• _Aim of the exercise_: The answer should hold only the lines from the one that contains "City: vancouver" through the last line of the material, repeated exactly, without pictures.

※

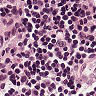
Metastatic tissue present: no
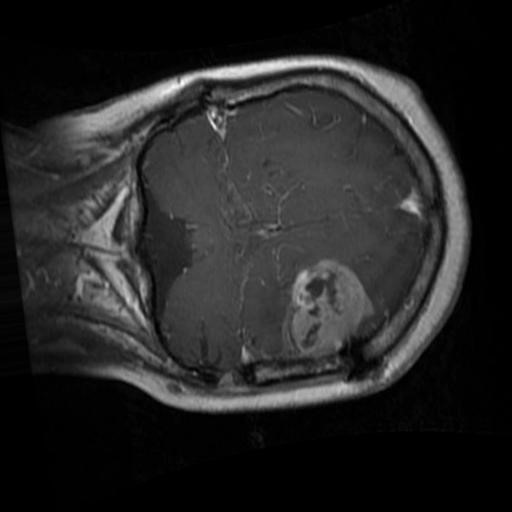
Label: brain_glioma
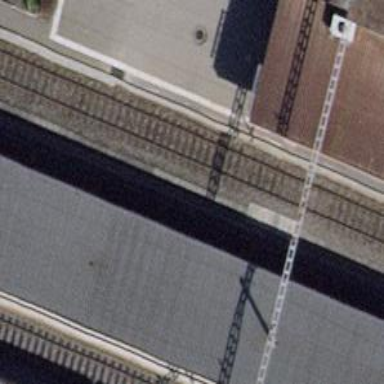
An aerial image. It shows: Public transport stop position along the railway.
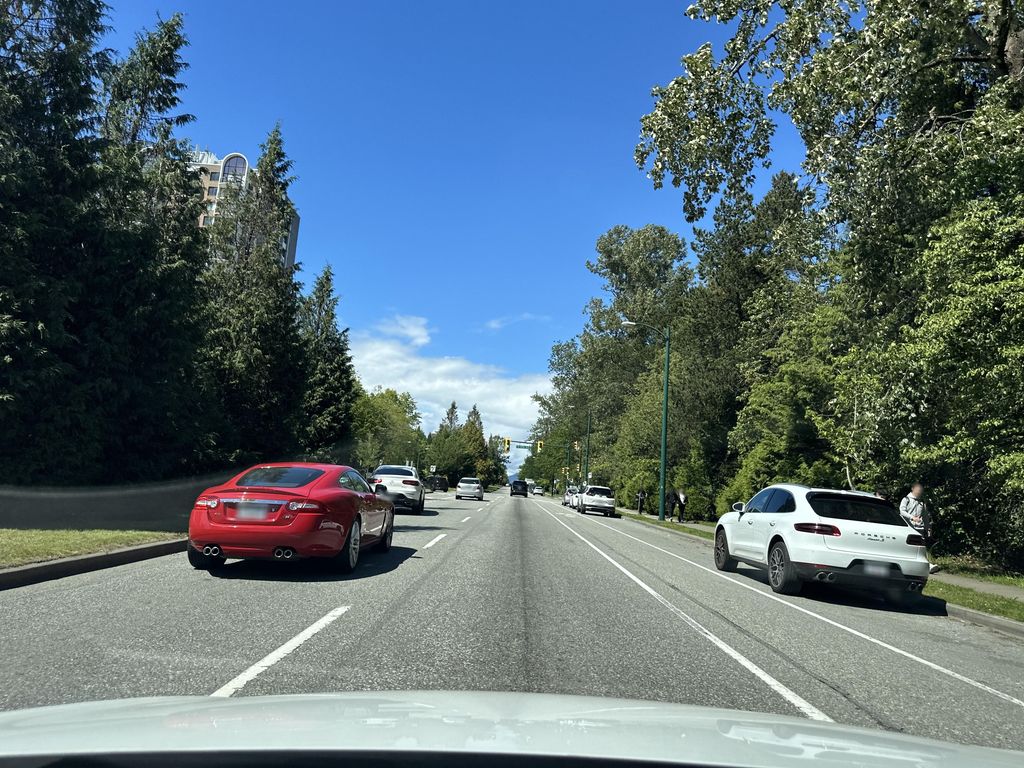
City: vancouver
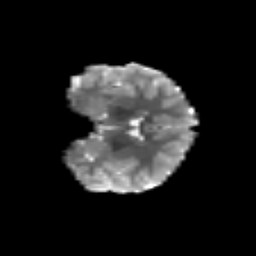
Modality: T2w
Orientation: coronal
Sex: male
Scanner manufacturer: siemens
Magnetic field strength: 3 T
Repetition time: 5 s
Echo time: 0.071 s
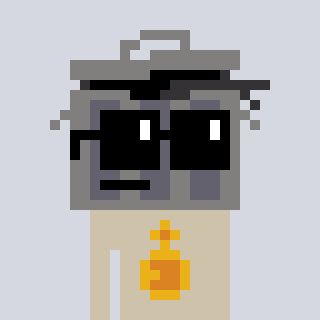
a pixel art character with square black sunglasses, a trashcan-shaped head and a bege-colored body on a cool background

※

• _Completed exercise_:
City: vancouver
Modality: T2w
Orientation: coronal
Sex: male
Scanner manufacturer: siemens
Magnetic field strength: 3 T
Repetition time: 5 s
Echo time: 0.071 s
a pixel art character with square black sunglasses, a trashcan-shaped head and a bege-colored body on a cool background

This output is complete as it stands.